Now press pause and press play again when you reach the Salvatore Church.


This single-nave church also dates to the 12th century. It is a clear example of local architecture, similar to the Church of San Martino, which I’ll be telling you about soon, with the usual hanging arches and single-light windows, decorated all over with intricate weave patterns. Frescoed on the single apse is a Blessing Christ from the second half of the 15th century.


Now press pause and press play again when you reach the Annunziata Church.


The last – but no less significant – of the three churches, on the other side of the road from San Giacomo, is the 13th-century Annunziata Church. This single-nave edifice has three apses, a Latin cross ground plan and a cross-vault ceiling.
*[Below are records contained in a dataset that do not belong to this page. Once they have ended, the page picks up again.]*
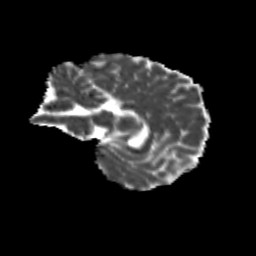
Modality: MD
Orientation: sagittal
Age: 11
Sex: female
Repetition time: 9.512 s
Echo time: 0.089 s
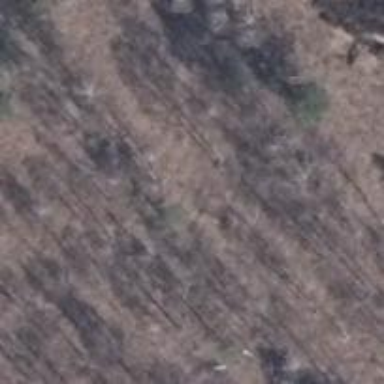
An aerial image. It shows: Forest area.
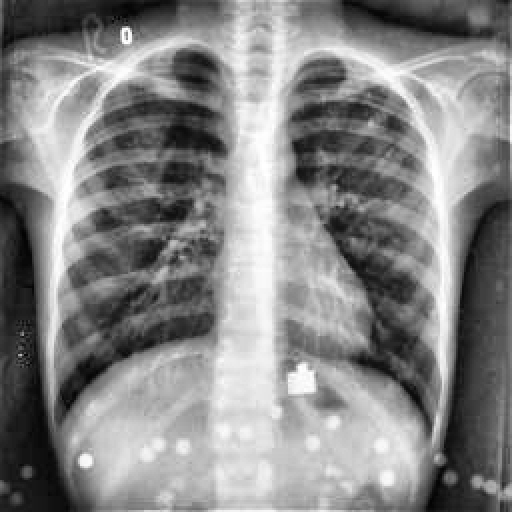
Finding: TUBERCULOSIS
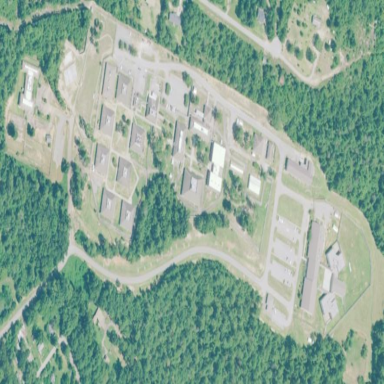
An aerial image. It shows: Prison.
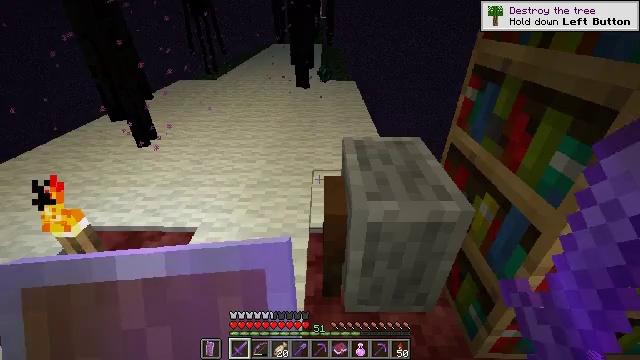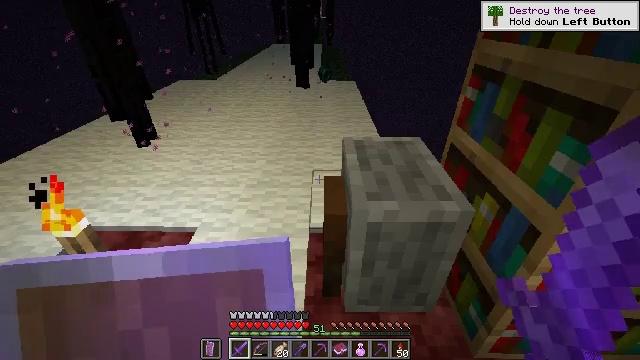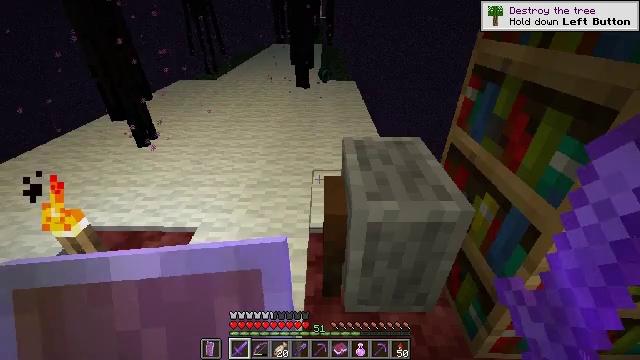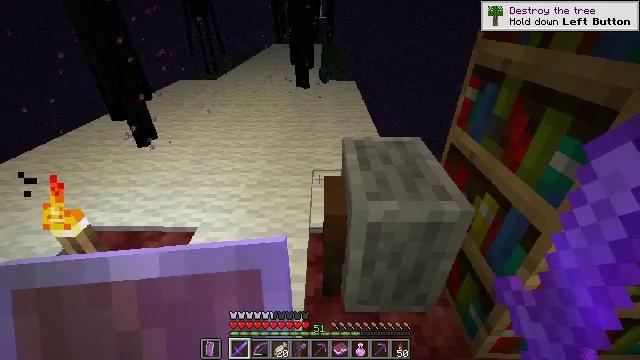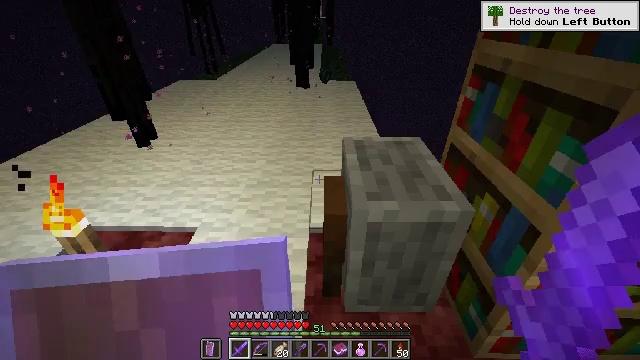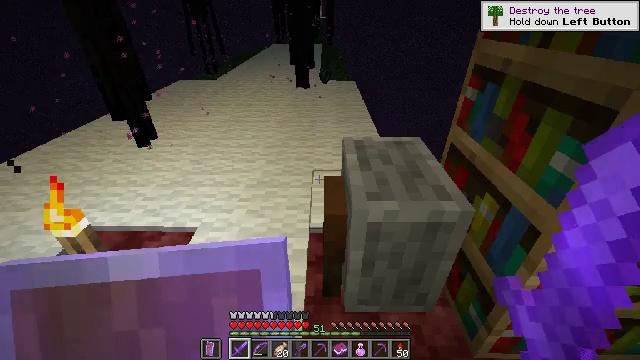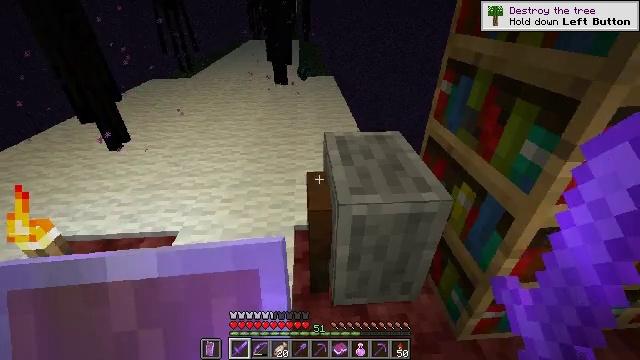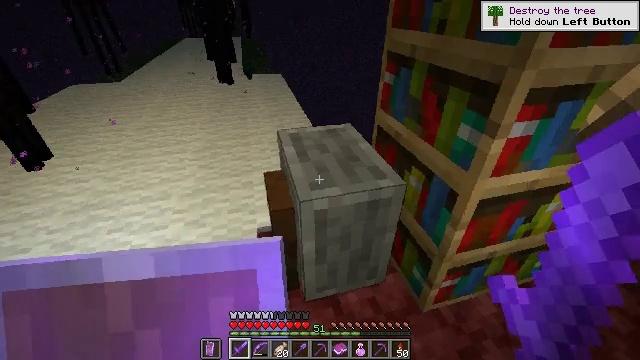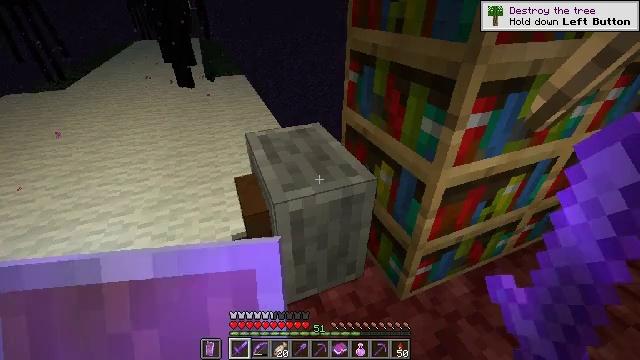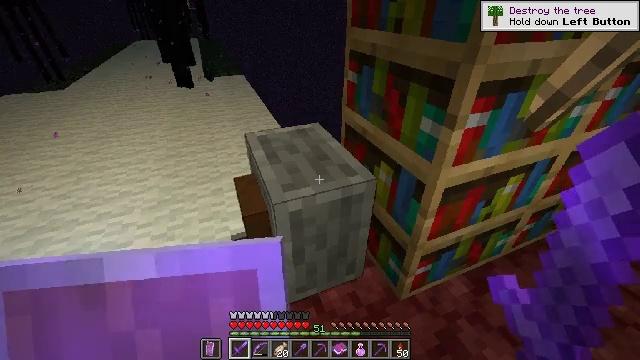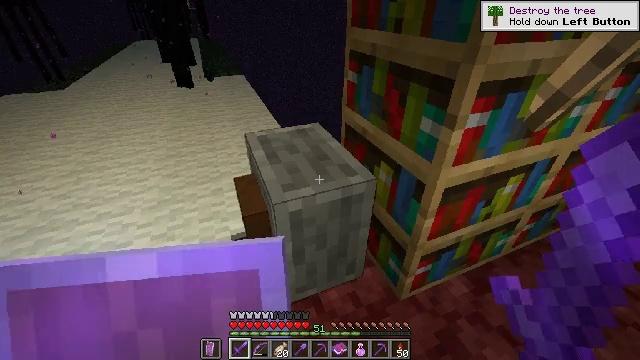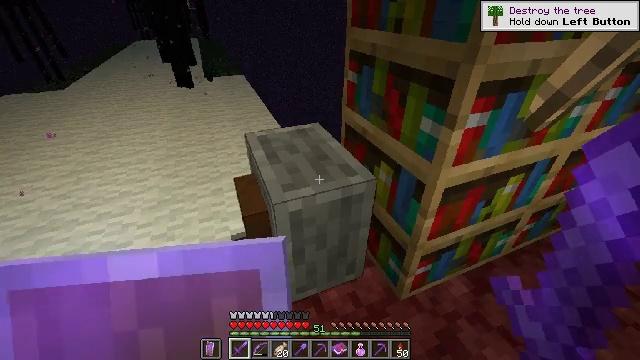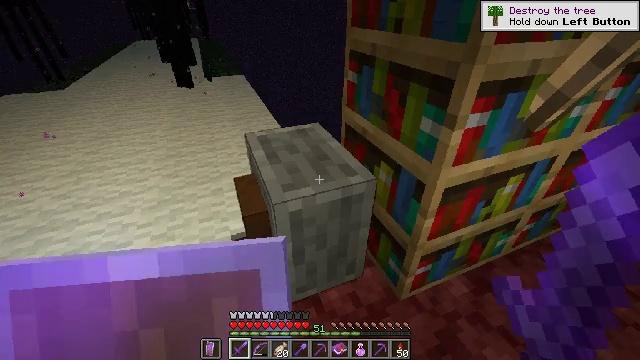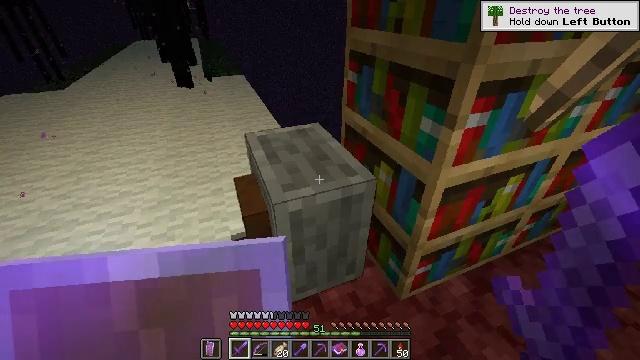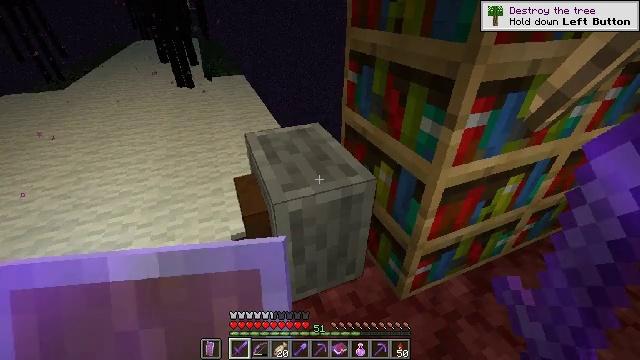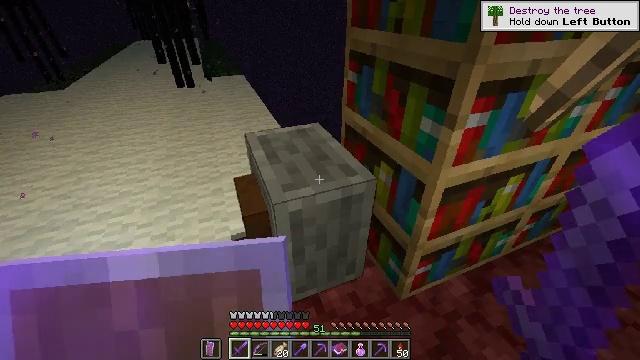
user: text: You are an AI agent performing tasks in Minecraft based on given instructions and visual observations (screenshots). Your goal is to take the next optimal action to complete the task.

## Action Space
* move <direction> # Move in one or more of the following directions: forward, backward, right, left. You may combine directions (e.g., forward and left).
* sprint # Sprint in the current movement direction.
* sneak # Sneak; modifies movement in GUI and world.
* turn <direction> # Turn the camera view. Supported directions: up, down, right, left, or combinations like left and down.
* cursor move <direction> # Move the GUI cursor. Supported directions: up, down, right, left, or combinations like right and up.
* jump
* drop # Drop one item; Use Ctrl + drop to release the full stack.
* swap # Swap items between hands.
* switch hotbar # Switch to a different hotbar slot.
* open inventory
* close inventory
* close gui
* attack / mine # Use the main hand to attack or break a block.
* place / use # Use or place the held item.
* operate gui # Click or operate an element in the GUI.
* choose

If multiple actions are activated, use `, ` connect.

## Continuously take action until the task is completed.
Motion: motion action
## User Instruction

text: Combat the enderman.
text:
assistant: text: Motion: no_op
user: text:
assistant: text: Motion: no_op
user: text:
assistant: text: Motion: no_op
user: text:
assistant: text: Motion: no_op
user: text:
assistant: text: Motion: no_op
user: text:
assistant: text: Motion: turn right
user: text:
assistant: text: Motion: turn right
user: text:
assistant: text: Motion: turn right
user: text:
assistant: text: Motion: no_op
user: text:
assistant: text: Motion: no_op
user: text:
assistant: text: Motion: no_op
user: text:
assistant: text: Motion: no_op
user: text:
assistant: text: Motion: no_op
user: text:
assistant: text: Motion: no_op
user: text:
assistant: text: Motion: no_op
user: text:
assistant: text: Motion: no_op
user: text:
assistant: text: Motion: use / place
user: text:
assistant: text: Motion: use / place
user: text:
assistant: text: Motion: use / place
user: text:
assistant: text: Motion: no_op
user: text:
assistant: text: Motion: no_op
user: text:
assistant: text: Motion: no_op
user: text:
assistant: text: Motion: no_op
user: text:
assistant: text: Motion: no_op
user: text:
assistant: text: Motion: no_op
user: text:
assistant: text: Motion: no_op
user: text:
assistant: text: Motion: no_op
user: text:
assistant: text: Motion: no_op
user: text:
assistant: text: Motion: turn left
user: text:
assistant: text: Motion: turn left

The facade is topped with a slender wheel window, while the single two-color portal testifies to the relations the town entertained with the Arab-Norman world.


Now press pause and press play again when you reach the Church of San Martino


The Church of San Martino is located in the square of the same name, also looking onto which are a number of medieval buildings and two elegant noble towers.

The church, dating to the 12th century is dedicated to Saint Martin of Tours. The central part of the facade is decorated with slender half columns and embellished with a cornice featuring the same two-color arches as on the portal.


The interior is divided into three naves by circular pillars. The church’s current appearance dates to the 18th century, when a fourth large arch was added within the third large arch in front of the chancel. On the left wall, you can admire two fourteenth-century frescoes depicting Saint Christopher with the Baby Jesus and The Virgin Mary on the Throne between Saint Peter and Saint Paul.